Die Abgaben, welche die Lötscher zu leisten hatten, blieben wie unter den Herren von Turn: Frondienste, Steuern in Geld, Getreide und Butter. Für das Lötschental hatte nur der Herr gewechselt; es blieb Knecht und Untertan wie zuvor.

Die Lötscher, gestählt durch die verschiedenen Freiheitskämpfe, die sie durchgemacht hatten, und etwas kühner geworden durch die kurzzeitig erreichte Freiheit, beschwerten sich sofort bei den neuen Herren, die geforderten Abgaben seien zu hoch.

Talschaft Lötschen litt unter Abhängigkeit

Alle zwei bis drei Jahre zog der Kastlan, der im Turnus auch dem Zenden Visp angehörte, mit 12 Begleitern im Tal ein.

Diesem Vertreter der Zenden musste Gehorsam geschworen werden. Ebenso waren er und sein Gefolge zu bewirten. Unternahm der Zenden eine Arbeit, mussten die Lötscher dabei helfen, auch wenn sie keinen Nutzen davon hatten.

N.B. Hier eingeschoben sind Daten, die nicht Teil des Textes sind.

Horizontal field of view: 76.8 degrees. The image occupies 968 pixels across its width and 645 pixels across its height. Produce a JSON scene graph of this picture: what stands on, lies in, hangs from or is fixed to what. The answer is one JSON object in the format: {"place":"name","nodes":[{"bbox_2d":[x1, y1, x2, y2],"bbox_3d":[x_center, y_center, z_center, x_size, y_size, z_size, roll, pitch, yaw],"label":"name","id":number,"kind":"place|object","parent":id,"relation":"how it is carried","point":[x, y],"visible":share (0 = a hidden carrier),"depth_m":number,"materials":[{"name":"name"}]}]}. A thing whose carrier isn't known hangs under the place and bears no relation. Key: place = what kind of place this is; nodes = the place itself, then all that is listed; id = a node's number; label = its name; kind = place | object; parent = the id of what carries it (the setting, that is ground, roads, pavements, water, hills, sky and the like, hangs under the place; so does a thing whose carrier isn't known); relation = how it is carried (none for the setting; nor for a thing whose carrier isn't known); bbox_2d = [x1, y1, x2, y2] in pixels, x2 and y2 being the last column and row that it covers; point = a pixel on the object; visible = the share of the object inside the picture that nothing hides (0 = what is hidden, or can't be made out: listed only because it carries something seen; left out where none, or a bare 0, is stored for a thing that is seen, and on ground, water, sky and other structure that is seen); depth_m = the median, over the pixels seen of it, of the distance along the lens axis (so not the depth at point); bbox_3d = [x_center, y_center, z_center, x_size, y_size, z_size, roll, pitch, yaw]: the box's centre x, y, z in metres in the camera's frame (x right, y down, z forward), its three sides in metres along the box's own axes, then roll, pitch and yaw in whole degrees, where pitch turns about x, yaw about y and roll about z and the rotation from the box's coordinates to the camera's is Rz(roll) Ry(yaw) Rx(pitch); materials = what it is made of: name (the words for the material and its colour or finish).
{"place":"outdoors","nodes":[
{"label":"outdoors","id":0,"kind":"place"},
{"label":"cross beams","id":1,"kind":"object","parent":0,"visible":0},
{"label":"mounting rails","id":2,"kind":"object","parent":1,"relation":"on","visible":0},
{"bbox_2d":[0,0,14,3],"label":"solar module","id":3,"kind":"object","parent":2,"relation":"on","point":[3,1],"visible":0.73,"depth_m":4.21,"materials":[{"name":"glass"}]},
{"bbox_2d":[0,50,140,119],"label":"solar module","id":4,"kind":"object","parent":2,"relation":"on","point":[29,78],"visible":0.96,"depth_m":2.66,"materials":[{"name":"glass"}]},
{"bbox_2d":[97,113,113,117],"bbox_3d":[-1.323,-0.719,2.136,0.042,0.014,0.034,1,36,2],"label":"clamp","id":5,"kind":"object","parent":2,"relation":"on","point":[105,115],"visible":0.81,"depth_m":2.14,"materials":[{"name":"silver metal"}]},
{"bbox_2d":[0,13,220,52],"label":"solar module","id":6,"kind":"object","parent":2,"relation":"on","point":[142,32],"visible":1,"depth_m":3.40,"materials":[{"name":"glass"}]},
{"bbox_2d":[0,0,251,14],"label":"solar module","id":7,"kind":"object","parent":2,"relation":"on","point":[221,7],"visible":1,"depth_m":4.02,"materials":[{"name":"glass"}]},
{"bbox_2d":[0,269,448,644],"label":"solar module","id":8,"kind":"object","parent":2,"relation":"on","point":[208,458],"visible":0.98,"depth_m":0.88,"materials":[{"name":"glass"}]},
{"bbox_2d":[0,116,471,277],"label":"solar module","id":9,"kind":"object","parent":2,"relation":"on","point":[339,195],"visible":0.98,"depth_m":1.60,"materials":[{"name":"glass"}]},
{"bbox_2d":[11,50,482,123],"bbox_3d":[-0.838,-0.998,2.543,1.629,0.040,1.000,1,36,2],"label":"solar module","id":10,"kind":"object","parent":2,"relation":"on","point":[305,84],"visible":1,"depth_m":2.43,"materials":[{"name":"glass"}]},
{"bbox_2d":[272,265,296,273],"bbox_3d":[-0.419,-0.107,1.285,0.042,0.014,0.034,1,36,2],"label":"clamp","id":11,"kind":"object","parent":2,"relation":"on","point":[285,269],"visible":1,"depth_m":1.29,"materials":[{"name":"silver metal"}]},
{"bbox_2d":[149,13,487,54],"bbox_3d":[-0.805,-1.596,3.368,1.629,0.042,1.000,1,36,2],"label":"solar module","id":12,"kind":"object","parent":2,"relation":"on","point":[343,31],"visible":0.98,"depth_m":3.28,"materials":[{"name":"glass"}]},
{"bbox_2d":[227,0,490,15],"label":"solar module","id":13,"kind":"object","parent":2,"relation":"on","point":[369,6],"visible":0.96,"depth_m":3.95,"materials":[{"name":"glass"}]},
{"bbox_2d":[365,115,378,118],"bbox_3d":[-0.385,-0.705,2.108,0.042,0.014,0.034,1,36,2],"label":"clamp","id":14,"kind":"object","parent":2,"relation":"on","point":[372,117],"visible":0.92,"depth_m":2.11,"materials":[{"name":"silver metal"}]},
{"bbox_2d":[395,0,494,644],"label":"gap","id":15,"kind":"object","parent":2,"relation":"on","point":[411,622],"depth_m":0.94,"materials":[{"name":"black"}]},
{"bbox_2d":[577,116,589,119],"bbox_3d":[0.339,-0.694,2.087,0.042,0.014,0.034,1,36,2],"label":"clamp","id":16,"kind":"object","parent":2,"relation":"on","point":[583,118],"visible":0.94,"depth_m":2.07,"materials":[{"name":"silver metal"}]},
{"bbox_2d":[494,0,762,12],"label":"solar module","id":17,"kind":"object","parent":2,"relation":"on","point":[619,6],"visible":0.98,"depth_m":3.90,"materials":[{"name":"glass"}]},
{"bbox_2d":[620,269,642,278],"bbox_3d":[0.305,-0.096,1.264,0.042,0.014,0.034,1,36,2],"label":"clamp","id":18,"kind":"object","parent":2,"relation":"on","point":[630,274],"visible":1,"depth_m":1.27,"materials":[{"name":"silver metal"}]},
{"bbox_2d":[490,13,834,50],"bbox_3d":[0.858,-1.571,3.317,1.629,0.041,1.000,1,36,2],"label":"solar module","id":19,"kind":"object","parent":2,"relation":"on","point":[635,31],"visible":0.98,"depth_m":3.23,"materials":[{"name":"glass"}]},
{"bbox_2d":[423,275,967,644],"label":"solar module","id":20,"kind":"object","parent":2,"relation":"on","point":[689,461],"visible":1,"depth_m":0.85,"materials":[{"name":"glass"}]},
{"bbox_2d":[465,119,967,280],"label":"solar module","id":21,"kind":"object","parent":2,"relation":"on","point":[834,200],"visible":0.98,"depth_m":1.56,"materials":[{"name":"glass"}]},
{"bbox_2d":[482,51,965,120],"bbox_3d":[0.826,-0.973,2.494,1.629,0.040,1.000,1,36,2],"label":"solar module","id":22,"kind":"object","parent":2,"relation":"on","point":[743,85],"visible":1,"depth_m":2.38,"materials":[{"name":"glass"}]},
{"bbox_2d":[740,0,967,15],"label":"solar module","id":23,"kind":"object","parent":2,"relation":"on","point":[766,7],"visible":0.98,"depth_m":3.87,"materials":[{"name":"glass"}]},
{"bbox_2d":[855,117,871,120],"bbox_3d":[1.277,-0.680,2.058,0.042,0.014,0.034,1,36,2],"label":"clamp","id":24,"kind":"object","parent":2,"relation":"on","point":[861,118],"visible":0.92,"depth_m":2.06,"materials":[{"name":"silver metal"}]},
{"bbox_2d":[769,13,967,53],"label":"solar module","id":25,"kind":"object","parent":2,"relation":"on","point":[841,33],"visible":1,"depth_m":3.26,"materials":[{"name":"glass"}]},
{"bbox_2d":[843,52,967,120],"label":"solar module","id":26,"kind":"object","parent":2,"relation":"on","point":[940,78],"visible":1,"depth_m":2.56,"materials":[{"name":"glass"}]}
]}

1616 beschlossen die oberen Zenden zudem, der Kastlan könne in Lötschen nach Gutdünken Gericht halten.

Das waren für die Lötscher Missstände, die sie nicht mehr länger erdulden wollten.

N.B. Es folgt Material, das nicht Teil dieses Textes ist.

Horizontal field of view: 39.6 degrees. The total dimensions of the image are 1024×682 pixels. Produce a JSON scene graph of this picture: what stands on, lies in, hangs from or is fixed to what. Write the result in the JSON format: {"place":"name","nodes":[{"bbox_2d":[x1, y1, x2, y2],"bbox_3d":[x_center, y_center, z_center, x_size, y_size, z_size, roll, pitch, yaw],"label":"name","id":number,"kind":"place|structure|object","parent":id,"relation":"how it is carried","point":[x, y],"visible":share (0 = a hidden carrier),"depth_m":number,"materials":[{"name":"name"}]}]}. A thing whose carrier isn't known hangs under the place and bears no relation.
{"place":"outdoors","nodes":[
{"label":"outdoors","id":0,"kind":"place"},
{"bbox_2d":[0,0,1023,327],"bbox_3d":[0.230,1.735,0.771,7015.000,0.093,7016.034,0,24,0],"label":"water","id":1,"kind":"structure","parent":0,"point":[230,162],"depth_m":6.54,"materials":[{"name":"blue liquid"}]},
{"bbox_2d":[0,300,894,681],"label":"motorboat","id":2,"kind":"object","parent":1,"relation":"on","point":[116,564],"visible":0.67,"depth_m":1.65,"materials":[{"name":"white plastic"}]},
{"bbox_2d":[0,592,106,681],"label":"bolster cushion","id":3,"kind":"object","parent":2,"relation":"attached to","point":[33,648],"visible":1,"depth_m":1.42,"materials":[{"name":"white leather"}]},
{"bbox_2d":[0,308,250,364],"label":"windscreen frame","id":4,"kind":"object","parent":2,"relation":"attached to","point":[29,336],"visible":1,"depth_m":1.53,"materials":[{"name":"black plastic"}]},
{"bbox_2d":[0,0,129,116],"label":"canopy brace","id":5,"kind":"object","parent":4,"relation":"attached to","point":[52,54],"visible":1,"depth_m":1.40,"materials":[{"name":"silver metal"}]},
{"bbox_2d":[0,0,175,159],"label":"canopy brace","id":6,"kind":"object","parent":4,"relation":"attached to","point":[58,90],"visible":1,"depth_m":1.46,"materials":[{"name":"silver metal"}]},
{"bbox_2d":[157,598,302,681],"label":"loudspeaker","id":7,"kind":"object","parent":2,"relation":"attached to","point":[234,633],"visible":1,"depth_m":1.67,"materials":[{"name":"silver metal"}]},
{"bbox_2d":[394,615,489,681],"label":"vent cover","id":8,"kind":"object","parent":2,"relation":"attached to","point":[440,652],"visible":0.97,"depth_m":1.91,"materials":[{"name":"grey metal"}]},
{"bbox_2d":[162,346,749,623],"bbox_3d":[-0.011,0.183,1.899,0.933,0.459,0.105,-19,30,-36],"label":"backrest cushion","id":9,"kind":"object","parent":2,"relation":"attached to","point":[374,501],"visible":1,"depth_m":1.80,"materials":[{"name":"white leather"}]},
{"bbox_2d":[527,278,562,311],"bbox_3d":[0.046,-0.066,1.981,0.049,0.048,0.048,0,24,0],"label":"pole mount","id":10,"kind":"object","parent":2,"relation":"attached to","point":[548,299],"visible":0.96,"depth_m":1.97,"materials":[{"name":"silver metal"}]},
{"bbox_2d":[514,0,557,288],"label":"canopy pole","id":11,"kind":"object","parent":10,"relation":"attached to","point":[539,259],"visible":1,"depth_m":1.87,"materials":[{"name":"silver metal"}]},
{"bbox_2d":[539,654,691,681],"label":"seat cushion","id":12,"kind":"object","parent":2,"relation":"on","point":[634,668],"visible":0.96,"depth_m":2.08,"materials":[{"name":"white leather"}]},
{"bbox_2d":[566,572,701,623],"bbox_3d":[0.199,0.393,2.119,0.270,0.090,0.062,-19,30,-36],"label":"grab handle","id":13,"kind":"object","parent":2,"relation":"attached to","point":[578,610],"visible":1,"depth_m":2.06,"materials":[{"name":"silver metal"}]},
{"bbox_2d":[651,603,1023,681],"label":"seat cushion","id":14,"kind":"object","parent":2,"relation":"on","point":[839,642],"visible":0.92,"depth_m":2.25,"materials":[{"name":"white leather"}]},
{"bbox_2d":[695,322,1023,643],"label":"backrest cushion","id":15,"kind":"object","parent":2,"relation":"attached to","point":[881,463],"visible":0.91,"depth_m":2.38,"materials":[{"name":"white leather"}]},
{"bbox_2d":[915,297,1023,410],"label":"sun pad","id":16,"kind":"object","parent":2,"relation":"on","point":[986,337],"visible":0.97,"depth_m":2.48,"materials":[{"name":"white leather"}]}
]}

Ab 1527 kauften sich die Talbewohner nach und nach von den Zehntabgaben los. Um die Mitte des 16. Jahrhunderts erlebte die Entwicklung des Tals einen Einschnitt; das gemeinsame Erleben führte die Einzelnen nach und nach zusammen. Als das Zusammengehörigkeitsgefühl bei den Lötschern im 18. Jahrhundert immer stärker wurde, erschien ihnen die Abhängigkeit von den Zenden immer unerträglicher.

Leere Kasse nach dem Loskauf

1790 kauften sich Lötschen und Niedergesteln samt ihren angehörigen Gemeinden, der Kastlanei, auch von der Gerichtsbarkeit los, um den Missständen entgegenzuwirken und auch den letzten Druck der oberen Zenden abzuwerfen.

Um sich endgültig von allen Steuern und Pflichten freizukaufen, bezahlte die Talschaft Lötschen den fünf Zenden insgesamt 9 450 Kronen – worauf der Geldkasten der Talschaft leer stand: «Wiäsch heind sibuhundärtninzig zellt. Düä heds der Talschaft Seckl gfellt». Das nahmen sie in Kauf; nach ein paar Jahren Arbeit würde sich die Kasse wieder füllen, denn jetzt waren keine Steuern mehr zu bezahlen und keine Abgaben zu entrichten. Lötschen war nun frei und hatte eigene Verwaltung und Gerichtsbarkeit; vorher hatten sie von den Zenden alle zwei Jahre einen neuen Richter erhalten. 

Visper hatten Rechte über Lötschen aufgekauft

Der Zenden Visp erhielt von den Lötschern 2 100 Kronen. Nur gerade die adelige Burgschaft Visp und Saas-Fee hatten daran Anteil, denn Visp hatte im Lauf der Zeit die Rechte über Lötschen von den übrigen Gemeinden des Bezirks zusammengekauft; sie teilten den Betrag zu gleichen Teilen unter sich auf. Visp bewahrte den Ablösebetrag in seinem Rathaus, von wo dieser neun Jahre später von den Franzosen «abgeholt» wurde. Hätten die Lötschentaler noch ein bisschen Geduld gehabt und weitere acht Jahre gewartet, wäre ihnen dieser Freikauf erspart geblieben; die Französische Revolution hätte ihnen die Freiheit gratis geliefert.

Nach 400 Jahren fühlte sich das Lötschental, wie es spasseshalber noch heute immer wieder betont, als eigener Kanton.